Information:

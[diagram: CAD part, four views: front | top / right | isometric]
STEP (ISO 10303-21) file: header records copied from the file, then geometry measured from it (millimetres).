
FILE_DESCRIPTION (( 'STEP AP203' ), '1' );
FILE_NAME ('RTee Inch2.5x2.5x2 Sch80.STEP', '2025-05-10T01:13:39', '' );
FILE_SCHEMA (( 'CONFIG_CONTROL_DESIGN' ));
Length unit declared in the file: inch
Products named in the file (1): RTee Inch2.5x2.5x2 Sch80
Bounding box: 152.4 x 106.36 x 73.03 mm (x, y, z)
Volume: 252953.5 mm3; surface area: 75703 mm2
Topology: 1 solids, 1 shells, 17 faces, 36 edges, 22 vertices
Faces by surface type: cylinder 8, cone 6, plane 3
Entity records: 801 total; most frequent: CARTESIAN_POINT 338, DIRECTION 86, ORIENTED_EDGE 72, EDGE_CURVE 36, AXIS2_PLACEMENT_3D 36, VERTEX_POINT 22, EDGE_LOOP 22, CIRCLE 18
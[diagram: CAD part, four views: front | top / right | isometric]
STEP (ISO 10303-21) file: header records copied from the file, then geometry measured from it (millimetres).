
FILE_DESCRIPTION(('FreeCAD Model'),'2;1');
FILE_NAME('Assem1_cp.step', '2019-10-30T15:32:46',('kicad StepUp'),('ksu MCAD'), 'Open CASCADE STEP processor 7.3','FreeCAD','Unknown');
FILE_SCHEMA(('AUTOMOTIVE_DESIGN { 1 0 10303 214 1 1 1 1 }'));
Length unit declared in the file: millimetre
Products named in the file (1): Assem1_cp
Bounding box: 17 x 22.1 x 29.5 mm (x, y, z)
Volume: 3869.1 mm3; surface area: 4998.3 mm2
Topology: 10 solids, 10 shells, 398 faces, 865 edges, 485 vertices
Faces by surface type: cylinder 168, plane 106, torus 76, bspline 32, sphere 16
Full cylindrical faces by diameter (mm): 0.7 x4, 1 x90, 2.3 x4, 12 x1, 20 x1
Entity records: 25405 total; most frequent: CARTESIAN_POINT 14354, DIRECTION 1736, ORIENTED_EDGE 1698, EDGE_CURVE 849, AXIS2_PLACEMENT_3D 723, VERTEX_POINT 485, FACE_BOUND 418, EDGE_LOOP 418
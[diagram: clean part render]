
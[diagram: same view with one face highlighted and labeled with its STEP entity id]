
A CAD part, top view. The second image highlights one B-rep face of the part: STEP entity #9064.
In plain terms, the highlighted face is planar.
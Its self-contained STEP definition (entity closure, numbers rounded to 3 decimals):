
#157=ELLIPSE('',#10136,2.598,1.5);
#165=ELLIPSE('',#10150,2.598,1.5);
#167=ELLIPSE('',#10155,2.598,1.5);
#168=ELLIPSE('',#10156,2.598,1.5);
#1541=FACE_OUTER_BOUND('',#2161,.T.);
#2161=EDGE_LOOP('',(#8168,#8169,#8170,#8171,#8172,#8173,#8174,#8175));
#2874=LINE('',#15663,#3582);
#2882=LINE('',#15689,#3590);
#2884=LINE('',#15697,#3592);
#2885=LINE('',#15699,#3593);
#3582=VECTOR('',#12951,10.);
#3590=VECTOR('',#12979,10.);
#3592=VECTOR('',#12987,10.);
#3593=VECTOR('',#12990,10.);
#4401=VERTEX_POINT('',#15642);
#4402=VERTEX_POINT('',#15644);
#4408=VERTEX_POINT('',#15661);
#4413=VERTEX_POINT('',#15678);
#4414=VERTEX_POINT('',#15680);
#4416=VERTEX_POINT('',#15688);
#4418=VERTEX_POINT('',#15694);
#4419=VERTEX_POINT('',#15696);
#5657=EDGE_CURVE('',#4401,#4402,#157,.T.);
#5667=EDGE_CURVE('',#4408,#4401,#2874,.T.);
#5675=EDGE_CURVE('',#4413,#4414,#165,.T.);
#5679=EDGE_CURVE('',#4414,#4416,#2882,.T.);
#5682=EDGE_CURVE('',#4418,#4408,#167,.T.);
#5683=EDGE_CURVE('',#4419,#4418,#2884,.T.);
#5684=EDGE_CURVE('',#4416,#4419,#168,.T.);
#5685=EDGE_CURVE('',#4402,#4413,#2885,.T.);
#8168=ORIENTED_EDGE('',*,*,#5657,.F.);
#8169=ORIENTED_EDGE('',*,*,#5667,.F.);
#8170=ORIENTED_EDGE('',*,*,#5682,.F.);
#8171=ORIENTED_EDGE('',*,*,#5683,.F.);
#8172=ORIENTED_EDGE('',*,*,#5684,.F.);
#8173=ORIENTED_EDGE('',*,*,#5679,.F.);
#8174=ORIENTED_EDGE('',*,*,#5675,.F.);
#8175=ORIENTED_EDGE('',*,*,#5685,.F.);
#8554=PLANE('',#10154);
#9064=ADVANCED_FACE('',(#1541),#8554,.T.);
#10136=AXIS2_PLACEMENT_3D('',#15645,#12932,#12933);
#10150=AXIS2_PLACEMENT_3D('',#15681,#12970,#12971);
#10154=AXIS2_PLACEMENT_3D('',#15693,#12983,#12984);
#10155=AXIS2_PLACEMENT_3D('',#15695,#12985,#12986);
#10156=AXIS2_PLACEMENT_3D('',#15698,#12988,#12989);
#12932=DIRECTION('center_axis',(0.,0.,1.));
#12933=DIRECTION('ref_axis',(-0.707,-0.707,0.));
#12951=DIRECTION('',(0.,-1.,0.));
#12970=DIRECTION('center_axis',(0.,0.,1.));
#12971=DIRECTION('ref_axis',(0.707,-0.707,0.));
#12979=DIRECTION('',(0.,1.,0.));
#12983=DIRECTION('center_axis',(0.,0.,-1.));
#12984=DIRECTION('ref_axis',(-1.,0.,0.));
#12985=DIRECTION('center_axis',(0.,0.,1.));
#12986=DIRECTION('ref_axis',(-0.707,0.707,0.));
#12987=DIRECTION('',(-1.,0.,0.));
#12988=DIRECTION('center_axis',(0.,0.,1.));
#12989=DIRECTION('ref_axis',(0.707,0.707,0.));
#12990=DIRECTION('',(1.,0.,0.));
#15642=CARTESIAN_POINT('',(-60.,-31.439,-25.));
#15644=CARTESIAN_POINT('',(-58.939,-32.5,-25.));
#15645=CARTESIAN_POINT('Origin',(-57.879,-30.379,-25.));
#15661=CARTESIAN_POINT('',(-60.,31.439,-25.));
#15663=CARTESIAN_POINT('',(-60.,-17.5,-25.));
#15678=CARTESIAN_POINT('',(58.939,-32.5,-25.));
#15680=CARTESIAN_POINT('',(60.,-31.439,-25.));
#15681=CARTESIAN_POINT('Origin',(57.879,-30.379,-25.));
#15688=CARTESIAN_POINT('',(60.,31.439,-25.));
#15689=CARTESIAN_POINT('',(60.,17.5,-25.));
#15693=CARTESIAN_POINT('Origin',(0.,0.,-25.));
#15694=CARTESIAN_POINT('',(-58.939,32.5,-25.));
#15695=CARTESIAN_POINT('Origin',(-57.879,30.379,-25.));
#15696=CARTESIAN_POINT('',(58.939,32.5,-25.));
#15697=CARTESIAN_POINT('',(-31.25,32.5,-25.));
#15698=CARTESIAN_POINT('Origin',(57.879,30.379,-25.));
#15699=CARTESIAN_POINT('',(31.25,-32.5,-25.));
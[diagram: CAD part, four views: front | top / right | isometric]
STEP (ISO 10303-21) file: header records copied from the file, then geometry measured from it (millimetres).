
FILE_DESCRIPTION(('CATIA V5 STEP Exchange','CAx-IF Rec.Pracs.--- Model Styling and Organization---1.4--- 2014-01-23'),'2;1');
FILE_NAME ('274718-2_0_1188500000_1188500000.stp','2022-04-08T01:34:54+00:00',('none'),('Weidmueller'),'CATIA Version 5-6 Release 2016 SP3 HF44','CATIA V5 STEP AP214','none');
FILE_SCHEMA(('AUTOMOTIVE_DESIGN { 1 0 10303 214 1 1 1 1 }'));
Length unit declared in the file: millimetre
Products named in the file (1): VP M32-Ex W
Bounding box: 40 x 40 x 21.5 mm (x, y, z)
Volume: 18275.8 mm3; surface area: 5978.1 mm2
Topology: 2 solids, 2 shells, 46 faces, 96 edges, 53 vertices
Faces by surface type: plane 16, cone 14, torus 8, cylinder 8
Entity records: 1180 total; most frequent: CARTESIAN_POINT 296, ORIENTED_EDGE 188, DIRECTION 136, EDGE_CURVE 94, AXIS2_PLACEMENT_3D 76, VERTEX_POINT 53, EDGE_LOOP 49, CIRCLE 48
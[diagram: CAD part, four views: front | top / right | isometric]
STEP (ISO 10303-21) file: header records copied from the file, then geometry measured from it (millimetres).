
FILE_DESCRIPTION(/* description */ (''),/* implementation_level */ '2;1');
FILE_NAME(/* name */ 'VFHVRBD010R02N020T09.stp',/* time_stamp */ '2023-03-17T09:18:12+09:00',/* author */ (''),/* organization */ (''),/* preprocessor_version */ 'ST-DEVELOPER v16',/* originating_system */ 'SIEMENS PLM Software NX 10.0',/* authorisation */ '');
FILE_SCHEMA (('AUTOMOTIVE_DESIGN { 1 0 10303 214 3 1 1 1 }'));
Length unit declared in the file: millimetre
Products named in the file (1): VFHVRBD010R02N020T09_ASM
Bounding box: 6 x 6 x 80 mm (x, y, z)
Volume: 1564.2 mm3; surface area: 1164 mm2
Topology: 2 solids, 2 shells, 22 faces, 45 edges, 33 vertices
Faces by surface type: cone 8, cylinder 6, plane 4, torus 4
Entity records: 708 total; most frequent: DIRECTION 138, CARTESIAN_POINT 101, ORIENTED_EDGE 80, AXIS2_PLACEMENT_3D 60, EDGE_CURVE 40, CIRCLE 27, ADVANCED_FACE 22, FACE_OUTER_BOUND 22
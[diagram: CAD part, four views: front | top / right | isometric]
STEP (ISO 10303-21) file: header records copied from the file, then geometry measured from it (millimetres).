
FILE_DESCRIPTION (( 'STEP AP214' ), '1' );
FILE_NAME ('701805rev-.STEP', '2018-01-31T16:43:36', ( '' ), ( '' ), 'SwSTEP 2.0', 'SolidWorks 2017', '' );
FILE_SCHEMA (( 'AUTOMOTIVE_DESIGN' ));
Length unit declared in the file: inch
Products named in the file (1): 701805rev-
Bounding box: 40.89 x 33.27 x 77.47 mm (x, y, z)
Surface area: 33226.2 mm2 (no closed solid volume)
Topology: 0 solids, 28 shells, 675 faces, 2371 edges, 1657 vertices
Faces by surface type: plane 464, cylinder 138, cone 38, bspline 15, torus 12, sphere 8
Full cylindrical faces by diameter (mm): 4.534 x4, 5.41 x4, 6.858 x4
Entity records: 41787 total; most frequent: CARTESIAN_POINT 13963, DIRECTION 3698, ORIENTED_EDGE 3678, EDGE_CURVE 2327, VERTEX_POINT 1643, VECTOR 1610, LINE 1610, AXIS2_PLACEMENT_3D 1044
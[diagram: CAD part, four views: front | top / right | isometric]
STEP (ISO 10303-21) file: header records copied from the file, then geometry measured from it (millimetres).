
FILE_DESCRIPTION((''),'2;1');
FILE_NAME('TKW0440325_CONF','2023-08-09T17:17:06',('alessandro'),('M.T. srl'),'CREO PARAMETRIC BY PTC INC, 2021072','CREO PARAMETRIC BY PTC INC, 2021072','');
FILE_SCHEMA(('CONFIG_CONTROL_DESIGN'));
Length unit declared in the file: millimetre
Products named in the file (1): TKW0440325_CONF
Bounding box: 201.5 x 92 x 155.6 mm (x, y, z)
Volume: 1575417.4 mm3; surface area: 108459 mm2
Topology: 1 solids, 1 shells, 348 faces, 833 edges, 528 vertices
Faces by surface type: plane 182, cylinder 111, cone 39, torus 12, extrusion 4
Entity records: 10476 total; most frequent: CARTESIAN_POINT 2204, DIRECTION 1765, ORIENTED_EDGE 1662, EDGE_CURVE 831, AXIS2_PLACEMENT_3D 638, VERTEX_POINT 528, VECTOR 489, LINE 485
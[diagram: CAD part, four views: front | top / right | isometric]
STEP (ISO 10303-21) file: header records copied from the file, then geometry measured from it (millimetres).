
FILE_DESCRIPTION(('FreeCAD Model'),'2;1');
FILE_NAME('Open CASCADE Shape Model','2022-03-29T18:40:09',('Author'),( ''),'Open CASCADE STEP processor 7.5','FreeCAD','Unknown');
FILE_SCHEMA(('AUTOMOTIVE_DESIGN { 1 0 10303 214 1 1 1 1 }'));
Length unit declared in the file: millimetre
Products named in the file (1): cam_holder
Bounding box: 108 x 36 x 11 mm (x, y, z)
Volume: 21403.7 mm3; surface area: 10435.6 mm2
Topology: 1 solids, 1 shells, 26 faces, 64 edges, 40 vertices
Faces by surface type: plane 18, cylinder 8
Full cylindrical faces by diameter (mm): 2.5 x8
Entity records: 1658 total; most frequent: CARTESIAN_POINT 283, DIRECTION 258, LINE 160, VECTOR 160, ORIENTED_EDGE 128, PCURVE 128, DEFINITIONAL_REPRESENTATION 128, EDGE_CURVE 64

What to produce: Starting with the first line of the listing above, copy each line exactly until you have copied the line containing "Topology: 10 solids, 10". Stop there.

Solution to the exercise:
[diagram: CAD part, four views: front | top / right | isometric]
STEP (ISO 10303-21) file: header records copied from the file, then geometry measured from it (millimetres).
FILE_DESCRIPTION (( 'STEP AP203' ), '1' );
FILE_NAME ('RTee Inch2.5x2.5x2 Sch80.STEP', '2025-05-10T01:13:39', '' );
FILE_SCHEMA (( 'CONFIG_CONTROL_DESIGN' ));
Length unit declared in the file: inch
Products named in the file (1): RTee Inch2.5x2.5x2 Sch80
Bounding box: 152.4 x 106.36 x 73.03 mm (x, y, z)
Volume: 252953.5 mm3; surface area: 75703 mm2
Topology: 1 solids, 1 shells, 17 faces, 36 edges, 22 vertices
Faces by surface type: cylinder 8, cone 6, plane 3
Entity records: 801 total; most frequent: CARTESIAN_POINT 338, DIRECTION 86, ORIENTED_EDGE 72, EDGE_CURVE 36, AXIS2_PLACEMENT_3D 36, VERTEX_POINT 22, EDGE_LOOP 22, CIRCLE 18
[diagram: CAD part, four views: front | top / right | isometric]
STEP (ISO 10303-21) file: header records copied from the file, then geometry measured from it (millimetres).
FILE_DESCRIPTION(('FreeCAD Model'),'2;1');
FILE_NAME('Assem1_cp.step', '2019-10-30T15:32:46',('kicad StepUp'),('ksu MCAD'), 'Open CASCADE STEP processor 7.3','FreeCAD','Unknown');
FILE_SCHEMA(('AUTOMOTIVE_DESIGN { 1 0 10303 214 1 1 1 1 }'));
Length unit declared in the file: millimetre
Products named in the file (1): Assem1_cp
Bounding box: 17 x 22.1 x 29.5 mm (x, y, z)
Volume: 3869.1 mm3; surface area: 4998.3 mm2
Topology: 10 solids, 10 shells, 398 faces, 865 edges, 485 vertices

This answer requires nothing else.